# Description of the task
Pull from the data below each line where the word "combinations" occurs, and copy it.
[[ Data for this exercise, beginning ]]
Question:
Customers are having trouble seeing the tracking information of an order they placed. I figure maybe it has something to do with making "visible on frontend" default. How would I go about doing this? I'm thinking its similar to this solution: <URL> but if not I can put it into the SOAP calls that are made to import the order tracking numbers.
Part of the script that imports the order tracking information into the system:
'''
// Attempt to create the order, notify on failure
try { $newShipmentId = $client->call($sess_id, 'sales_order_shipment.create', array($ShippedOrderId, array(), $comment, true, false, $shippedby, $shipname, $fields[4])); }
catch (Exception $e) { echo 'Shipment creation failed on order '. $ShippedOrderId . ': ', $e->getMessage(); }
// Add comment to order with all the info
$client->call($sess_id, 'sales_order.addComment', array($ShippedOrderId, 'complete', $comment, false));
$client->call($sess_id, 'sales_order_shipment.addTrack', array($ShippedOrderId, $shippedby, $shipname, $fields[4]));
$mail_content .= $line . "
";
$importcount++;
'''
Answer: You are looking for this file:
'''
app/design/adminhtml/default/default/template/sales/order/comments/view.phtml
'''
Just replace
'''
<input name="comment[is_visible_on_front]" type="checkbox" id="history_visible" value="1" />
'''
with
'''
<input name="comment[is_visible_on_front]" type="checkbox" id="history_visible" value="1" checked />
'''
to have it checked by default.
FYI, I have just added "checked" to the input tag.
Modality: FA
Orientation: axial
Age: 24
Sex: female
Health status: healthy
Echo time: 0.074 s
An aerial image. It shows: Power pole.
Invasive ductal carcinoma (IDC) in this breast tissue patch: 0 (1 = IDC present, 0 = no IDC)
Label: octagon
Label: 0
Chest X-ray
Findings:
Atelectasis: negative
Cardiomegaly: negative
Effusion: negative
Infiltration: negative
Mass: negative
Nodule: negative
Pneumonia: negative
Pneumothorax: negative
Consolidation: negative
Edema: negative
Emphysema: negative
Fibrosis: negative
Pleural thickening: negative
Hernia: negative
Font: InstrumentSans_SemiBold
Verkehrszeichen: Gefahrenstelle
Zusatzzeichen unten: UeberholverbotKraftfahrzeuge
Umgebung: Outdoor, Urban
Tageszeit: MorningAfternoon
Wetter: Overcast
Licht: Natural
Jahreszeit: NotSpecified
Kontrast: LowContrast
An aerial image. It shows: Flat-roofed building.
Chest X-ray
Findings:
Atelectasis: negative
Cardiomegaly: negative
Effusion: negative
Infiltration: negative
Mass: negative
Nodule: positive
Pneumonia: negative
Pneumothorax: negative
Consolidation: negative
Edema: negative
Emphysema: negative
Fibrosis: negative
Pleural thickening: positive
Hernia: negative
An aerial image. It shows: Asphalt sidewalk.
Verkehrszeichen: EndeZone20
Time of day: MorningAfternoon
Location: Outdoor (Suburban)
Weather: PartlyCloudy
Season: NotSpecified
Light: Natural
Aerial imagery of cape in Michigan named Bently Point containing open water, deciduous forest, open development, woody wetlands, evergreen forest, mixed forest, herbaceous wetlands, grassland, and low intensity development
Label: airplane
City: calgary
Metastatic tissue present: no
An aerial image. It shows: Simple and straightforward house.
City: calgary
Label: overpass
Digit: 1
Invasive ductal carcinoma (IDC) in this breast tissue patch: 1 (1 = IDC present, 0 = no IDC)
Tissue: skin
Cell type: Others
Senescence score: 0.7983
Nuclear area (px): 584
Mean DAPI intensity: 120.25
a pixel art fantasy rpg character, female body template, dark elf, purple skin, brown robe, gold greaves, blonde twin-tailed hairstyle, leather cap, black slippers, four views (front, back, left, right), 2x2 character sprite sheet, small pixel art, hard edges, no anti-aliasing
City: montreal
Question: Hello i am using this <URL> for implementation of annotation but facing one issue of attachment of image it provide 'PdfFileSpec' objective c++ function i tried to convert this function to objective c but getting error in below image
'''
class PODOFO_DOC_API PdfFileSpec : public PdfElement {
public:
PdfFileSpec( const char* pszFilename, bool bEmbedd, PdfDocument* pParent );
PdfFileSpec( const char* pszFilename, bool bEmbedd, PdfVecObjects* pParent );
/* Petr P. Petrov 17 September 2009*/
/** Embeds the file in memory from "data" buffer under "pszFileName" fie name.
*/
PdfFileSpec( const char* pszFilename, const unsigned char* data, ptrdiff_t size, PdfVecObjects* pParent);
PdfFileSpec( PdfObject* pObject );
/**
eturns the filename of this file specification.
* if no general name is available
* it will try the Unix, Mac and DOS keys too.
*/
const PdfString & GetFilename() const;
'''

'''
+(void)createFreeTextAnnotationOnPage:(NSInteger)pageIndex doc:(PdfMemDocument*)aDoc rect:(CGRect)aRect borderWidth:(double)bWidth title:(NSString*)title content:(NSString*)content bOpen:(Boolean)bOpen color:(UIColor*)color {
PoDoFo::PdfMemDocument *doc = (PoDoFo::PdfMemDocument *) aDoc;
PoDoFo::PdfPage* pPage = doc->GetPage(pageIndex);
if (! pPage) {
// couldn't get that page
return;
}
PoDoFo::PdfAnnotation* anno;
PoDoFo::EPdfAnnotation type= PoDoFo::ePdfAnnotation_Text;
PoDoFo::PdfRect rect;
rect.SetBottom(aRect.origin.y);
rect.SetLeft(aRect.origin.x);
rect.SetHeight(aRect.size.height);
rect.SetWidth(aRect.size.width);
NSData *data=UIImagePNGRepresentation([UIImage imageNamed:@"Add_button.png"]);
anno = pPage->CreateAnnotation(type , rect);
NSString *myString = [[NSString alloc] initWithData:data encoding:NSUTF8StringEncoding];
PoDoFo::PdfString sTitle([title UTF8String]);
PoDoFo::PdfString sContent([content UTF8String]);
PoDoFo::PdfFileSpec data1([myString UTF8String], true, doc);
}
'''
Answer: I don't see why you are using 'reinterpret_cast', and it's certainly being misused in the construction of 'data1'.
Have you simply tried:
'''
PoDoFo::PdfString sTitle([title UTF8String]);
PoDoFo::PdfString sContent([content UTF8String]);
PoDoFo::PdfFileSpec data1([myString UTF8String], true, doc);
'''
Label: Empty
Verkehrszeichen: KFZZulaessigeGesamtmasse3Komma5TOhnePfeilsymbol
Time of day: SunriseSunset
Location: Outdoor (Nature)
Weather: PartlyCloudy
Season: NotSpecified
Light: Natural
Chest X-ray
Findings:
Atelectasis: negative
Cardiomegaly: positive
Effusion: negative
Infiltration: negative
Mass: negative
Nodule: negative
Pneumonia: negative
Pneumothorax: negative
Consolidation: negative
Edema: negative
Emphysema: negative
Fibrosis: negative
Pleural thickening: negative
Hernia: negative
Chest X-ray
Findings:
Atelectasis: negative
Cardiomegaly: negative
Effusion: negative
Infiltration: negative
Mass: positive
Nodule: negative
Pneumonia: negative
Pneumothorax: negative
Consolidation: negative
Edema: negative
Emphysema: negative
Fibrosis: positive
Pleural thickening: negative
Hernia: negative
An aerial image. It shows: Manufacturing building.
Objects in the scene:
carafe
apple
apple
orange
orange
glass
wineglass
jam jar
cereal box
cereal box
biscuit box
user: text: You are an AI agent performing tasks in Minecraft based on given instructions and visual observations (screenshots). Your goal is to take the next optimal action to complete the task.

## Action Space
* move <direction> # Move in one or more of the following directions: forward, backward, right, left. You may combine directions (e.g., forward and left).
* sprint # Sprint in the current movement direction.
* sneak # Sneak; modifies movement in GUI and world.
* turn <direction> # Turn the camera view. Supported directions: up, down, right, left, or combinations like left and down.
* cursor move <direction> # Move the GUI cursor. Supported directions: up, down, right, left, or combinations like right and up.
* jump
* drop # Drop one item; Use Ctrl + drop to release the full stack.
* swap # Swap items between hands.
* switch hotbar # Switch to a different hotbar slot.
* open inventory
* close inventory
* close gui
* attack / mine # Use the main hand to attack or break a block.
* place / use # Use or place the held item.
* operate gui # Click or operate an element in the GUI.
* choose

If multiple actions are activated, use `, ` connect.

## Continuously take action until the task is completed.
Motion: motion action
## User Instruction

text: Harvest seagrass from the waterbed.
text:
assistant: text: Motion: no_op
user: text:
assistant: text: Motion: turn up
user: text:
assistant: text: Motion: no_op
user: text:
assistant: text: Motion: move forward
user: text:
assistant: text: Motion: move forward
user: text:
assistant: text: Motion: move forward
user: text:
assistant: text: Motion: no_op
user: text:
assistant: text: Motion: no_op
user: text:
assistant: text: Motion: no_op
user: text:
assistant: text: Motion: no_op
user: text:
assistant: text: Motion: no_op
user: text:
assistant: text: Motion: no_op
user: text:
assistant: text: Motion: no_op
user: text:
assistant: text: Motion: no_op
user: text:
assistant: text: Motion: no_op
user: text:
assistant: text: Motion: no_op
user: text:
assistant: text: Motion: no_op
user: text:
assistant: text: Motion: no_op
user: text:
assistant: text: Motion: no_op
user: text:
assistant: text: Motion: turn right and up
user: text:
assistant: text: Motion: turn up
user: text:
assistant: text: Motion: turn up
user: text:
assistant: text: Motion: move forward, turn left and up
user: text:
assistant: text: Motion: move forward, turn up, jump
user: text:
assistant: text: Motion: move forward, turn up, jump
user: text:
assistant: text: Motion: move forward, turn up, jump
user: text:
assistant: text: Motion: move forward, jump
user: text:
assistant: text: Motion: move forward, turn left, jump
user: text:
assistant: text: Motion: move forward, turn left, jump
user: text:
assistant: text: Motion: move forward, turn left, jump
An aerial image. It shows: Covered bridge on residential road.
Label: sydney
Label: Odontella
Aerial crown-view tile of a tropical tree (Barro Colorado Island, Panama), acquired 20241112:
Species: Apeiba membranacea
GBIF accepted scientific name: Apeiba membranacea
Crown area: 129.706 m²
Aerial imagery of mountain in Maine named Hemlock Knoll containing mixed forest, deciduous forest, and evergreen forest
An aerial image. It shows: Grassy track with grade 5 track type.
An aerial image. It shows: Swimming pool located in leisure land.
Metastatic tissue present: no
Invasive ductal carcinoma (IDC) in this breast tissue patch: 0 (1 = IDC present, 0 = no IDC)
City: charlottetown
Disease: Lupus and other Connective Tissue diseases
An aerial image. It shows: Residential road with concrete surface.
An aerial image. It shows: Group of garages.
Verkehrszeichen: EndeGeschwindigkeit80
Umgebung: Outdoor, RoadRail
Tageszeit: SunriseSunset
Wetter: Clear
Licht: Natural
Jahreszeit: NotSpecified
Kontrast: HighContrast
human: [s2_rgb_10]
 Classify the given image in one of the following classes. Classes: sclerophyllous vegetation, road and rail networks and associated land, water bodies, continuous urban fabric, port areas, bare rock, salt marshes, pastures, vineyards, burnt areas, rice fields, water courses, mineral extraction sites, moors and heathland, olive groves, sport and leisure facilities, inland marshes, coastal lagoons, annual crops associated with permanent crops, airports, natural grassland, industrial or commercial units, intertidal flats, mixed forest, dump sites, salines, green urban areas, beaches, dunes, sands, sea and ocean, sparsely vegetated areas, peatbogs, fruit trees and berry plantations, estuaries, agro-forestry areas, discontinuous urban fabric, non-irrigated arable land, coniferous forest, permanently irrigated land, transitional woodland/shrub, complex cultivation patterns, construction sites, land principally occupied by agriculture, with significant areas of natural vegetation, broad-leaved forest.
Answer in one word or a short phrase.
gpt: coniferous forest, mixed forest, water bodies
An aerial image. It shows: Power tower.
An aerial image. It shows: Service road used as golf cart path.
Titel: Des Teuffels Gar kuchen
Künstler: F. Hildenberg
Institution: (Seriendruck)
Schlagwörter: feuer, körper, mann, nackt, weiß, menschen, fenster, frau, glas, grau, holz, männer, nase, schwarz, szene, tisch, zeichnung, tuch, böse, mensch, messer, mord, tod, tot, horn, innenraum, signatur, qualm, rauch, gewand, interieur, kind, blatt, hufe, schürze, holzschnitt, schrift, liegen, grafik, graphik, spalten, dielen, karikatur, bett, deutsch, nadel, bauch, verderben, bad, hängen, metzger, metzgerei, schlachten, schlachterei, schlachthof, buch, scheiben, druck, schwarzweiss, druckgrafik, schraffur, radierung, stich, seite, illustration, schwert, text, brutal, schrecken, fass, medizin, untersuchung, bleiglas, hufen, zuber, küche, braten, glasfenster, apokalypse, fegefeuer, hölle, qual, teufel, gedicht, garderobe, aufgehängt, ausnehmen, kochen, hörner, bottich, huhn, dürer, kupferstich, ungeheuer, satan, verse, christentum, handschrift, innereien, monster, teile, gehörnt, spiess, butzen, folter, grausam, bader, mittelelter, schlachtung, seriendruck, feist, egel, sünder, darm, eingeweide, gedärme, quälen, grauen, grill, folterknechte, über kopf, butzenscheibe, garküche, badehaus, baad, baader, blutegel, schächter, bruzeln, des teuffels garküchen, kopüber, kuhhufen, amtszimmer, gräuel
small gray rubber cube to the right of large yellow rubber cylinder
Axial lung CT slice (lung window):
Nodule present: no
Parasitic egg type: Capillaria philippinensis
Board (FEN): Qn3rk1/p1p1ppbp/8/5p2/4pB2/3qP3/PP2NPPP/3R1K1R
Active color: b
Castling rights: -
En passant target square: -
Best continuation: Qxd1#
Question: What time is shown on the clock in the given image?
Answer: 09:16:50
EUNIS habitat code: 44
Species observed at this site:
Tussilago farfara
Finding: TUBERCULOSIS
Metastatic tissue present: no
[[ Data for this exercise, end ]]
# Solution to the problem
* turn <direction> # Turn the camera view. Supported directions: up, down, right, left, or combinations like left and down.
* cursor move <direction> # Move the GUI cursor. Supported directions: up, down, right, left, or combinations like right and up.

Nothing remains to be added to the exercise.